→ TASK REQUIREMENTS: Please find all lines in the data that hold the string "medium" and copy them.

→ RECORDED INFORMATION:
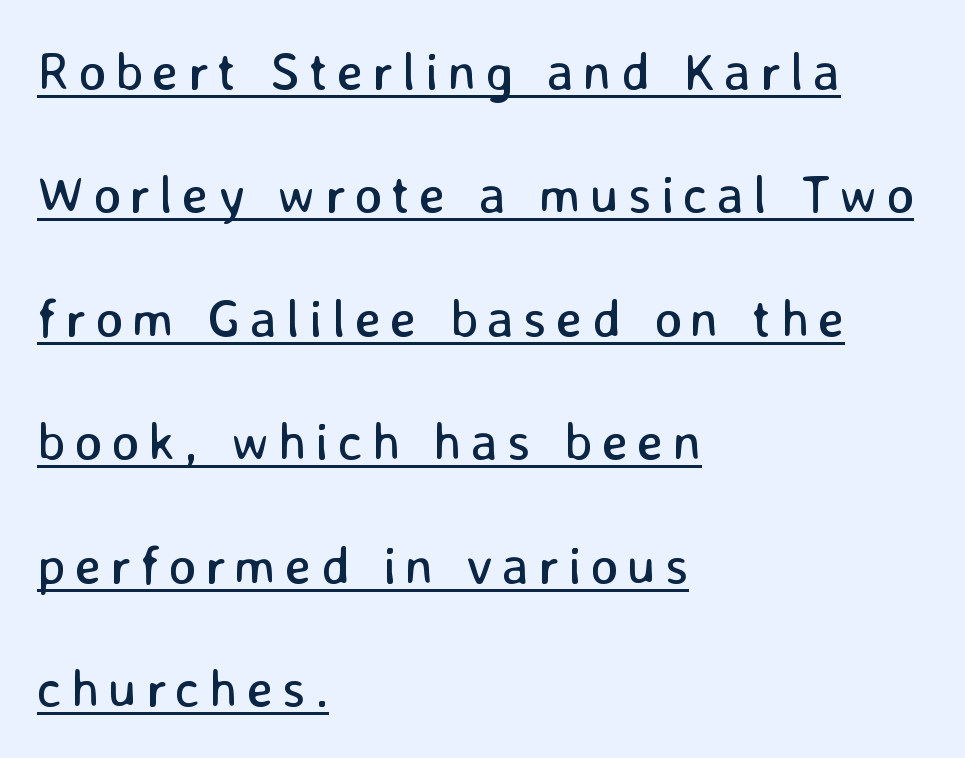
The image shows 53 px regular-weight sans-serif type, upright; set left-aligned, loose line spacing (2.33x), underlined; low stroke contrast and a medium x-height.
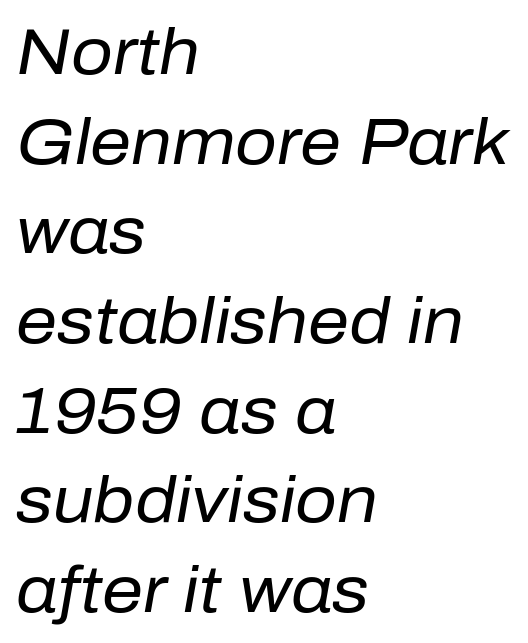
Nothing unusual about the tracking: characters are spaced as the font intends. Note the varied advance widths — an 'i' is clearly narrower than an 'm'. The vertical gap from one line to the next is medium. Stems here are at most as thick as an everyday book face. The rendering applies a slant to the glyphs. One-word summary of the alignment: left.
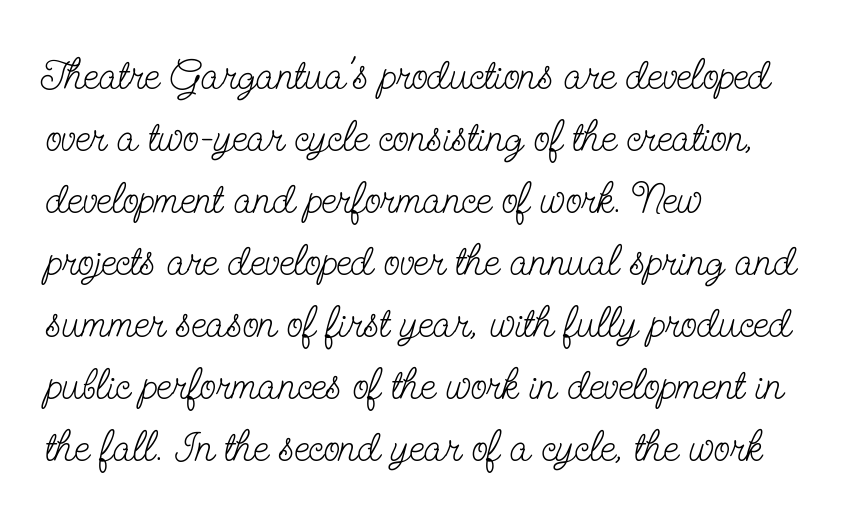
{"serif": "yes", "bold": "no", "weight": "light", "width": "condensed", "stroke_contrast": "low", "x_height": "small", "monospaced": "no", "underline": "no", "align": "left", "line_spacing": "normal", "line_spacing_ratio": 1.44, "letter_spacing": "normal", "letter_spacing_em": 0.0, "glyph_px": 43}

→ REPLY:
The image shows 53 px regular-weight sans-serif type, upright; set left-aligned, loose line spacing (2.33x), underlined; low stroke contrast and a medium x-height.
Nothing unusual about the tracking: characters are spaced as the font intends. Note the varied advance widths — an 'i' is clearly narrower than an 'm'. The vertical gap from one line to the next is medium. Stems here are at most as thick as an everyday book face. The rendering applies a slant to the glyphs. One-word summary of the alignment: left.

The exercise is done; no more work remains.